Required work:
Each record that follows should be duplicated exactly, except for its pictures.
○ ○ ○ ○
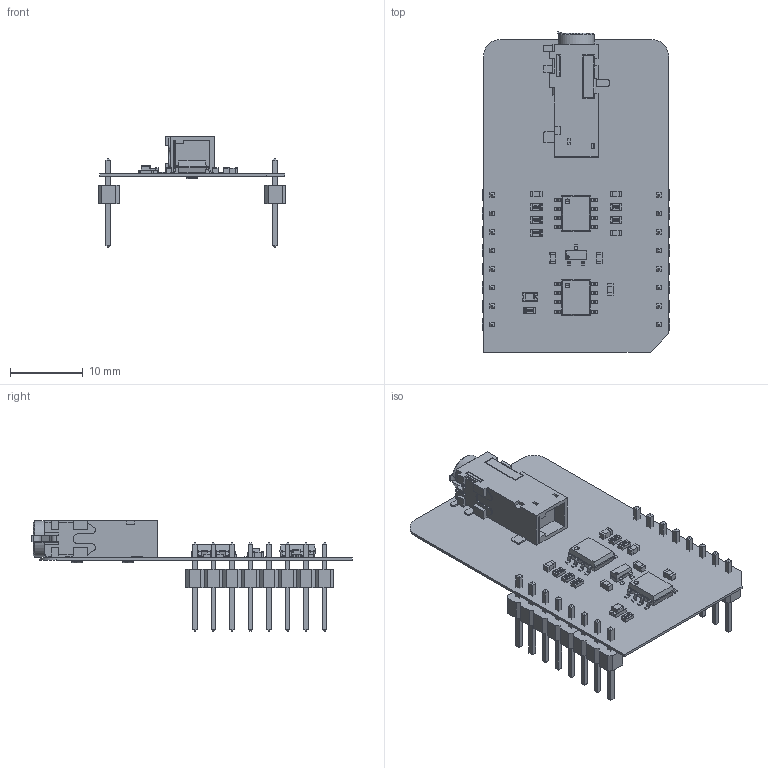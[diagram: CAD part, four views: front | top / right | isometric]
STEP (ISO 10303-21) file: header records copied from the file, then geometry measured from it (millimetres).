
FILE_DESCRIPTION(('Open CASCADE Model'),'2;1');
FILE_NAME('Open CASCADE Shape Model','2017-11-14T10:51:29',('Author'),( 'Open CASCADE'),'Open CASCADE STEP processor 6.8','Open CASCADE 6.8' ,'Unknown');
FILE_SCHEMA(('AUTOMOTIVE_DESIGN { 1 0 10303 214 1 1 1 1 }'));
Length unit declared in the file: millimetre
Products named in the file (38): PCB; Board; U2; SOIC-8; U1; SOT23-3; R5; User_Library-R_0603; R4; R3; R2; R1; OP1; CN1; SJ-43514-SMT; C6; User_Library-SMD_CAPACITOR0603; C5; C4; C3; C2; C1; PWR; led_0805_green; R6; MBD1; 1098772656; User_Library-PinHeaderX3_PinHeader_Body_1; User_Library-PinHeaderX3_PinHeader_Pins_1; 1098772528; 1098772400; User_Library-PinHeaderX5-1_PinHeaderX5_Pins_1; User_Library-PinHeaderX5-1_PinHeaderX5_Body_1; 1098772272
Assembly tree (48 placements, depth 4):
  PCB
    Board
    U2
      SOIC-8
    U1
      SOT23-3
    R5
      User_Library-R_0603
    R4
      User_Library-R_0603
    R3
      User_Library-R_0603
    R2
      User_Library-R_0603
    R1
      User_Library-R_0603
    OP1
      SOIC-8
    CN1
      SJ-43514-SMT
    C6
      User_Library-SMD_CAPACITOR0603
    C5
      User_Library-SMD_CAPACITOR0603
    C4
      User_Library-SMD_CAPACITOR0603
    C3
      User_Library-SMD_CAPACITOR0603
    C2
      User_Library-SMD_CAPACITOR0603
    C1
      User_Library-SMD_CAPACITOR0603
    PWR
      led_0805_green
    R6
      User_Library-R_0603
    MBD1
      1098772656
        User_Library-PinHeaderX3_PinHeader_Body_1
        User_Library-PinHeaderX3_PinHeader_Pins_1
      1098772528
        User_Library-PinHeaderX3_PinHeader_Body_1
        User_Library-PinHeaderX3_PinHeader_Pins_1
      1098772400
        User_Library-PinHeaderX5-1_PinHeaderX5_Pins_1
        User_Library-PinHeaderX5-1_PinHeaderX5_Body_1
      1098772272
        User_Library-PinHeaderX5-1_PinHeaderX5_Pins_1
        User_Library-PinHeaderX5-1_PinHeaderX5_Body_1
Bounding box: 25.79 x 44 x 15.21 mm (x, y, z)
Volume: 1269.4 mm3; surface area: 4128 mm2
Topology: 44 solids, 44 shells, 1740 faces, 4428 edges, 2786 vertices
Faces by surface type: plane 1190, bspline 270, cylinder 215, sphere 58, torus 4, cone 3
Entity records: 36335 total; most frequent: CARTESIAN_POINT 7740, ORIENTED_EDGE 4782, DIRECTION 4401, EDGE_CURVE 2391, LINE 2055, VECTOR 2055, VERTEX_POINT 1516, AXIS2_PLACEMENT_3D 1173
○ ○ ○ ○
Written response:
[diagram: CAD part, four views: front | top / right | isometric]
STEP (ISO 10303-21) file: header records copied from the file, then geometry measured from it (millimetres).
FILE_DESCRIPTION(('Open CASCADE Model'),'2;1');
FILE_NAME('Open CASCADE Shape Model','2017-11-14T10:51:29',('Author'),( 'Open CASCADE'),'Open CASCADE STEP processor 6.8','Open CASCADE 6.8' ,'Unknown');
FILE_SCHEMA(('AUTOMOTIVE_DESIGN { 1 0 10303 214 1 1 1 1 }'));
Length unit declared in the file: millimetre
Products named in the file (38): PCB; Board; U2; SOIC-8; U1; SOT23-3; R5; User_Library-R_0603; R4; R3; R2; R1; OP1; CN1; SJ-43514-SMT; C6; User_Library-SMD_CAPACITOR0603; C5; C4; C3; C2; C1; PWR; led_0805_green; R6; MBD1; 1098772656; User_Library-PinHeaderX3_PinHeader_Body_1; User_Library-PinHeaderX3_PinHeader_Pins_1; 1098772528; 1098772400; User_Library-PinHeaderX5-1_PinHeaderX5_Pins_1; User_Library-PinHeaderX5-1_PinHeaderX5_Body_1; 1098772272
Assembly tree (48 placements, depth 4):
  PCB
    Board
    U2
      SOIC-8
    U1
      SOT23-3
    R5
      User_Library-R_0603
    R4
      User_Library-R_0603
    R3
      User_Library-R_0603
    R2
      User_Library-R_0603
    R1
      User_Library-R_0603
    OP1
      SOIC-8
    CN1
      SJ-43514-SMT
    C6
      User_Library-SMD_CAPACITOR0603
    C5
      User_Library-SMD_CAPACITOR0603
    C4
      User_Library-SMD_CAPACITOR0603
    C3
      User_Library-SMD_CAPACITOR0603
    C2
      User_Library-SMD_CAPACITOR0603
    C1
      User_Library-SMD_CAPACITOR0603
    PWR
      led_0805_green
    R6
      User_Library-R_0603
    MBD1
      1098772656
        User_Library-PinHeaderX3_PinHeader_Body_1
        User_Library-PinHeaderX3_PinHeader_Pins_1
      1098772528
        User_Library-PinHeaderX3_PinHeader_Body_1
        User_Library-PinHeaderX3_PinHeader_Pins_1
      1098772400
        User_Library-PinHeaderX5-1_PinHeaderX5_Pins_1
        User_Library-PinHeaderX5-1_PinHeaderX5_Body_1
      1098772272
        User_Library-PinHeaderX5-1_PinHeaderX5_Pins_1
        User_Library-PinHeaderX5-1_PinHeaderX5_Body_1
Bounding box: 25.79 x 44 x 15.21 mm (x, y, z)
Volume: 1269.4 mm3; surface area: 4128 mm2
Topology: 44 solids, 44 shells, 1740 faces, 4428 edges, 2786 vertices
Faces by surface type: plane 1190, bspline 270, cylinder 215, sphere 58, torus 4, cone 3
Entity records: 36335 total; most frequent: CARTESIAN_POINT 7740, ORIENTED_EDGE 4782, DIRECTION 4401, EDGE_CURVE 2391, LINE 2055, VECTOR 2055, VERTEX_POINT 1516, AXIS2_PLACEMENT_3D 1173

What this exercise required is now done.